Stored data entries
╭──

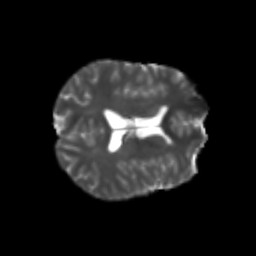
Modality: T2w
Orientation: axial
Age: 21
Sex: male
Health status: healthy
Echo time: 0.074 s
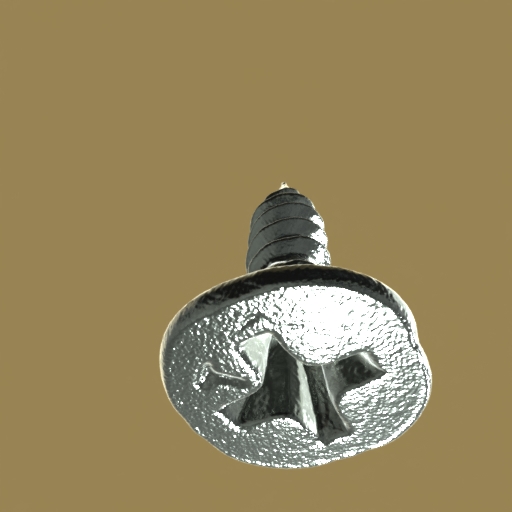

╰──
╭──

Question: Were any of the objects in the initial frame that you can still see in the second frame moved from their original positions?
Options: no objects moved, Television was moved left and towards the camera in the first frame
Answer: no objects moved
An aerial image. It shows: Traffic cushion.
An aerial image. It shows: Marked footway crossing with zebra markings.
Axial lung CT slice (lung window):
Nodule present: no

╰──

About this exercise
Write down again, exactly as given, only the lines above that fall from the line with "Question: Were any" to the line with "Nodule present: no", inclusive.

Problem solution
Question: Were any of the objects in the initial frame that you can still see in the second frame moved from their original positions?
Options: no objects moved, Television was moved left and towards the camera in the first frame
Answer: no objects moved
An aerial image. It shows: Traffic cushion.
An aerial image. It shows: Marked footway crossing with zebra markings.
Axial lung CT slice (lung window):
Nodule present: no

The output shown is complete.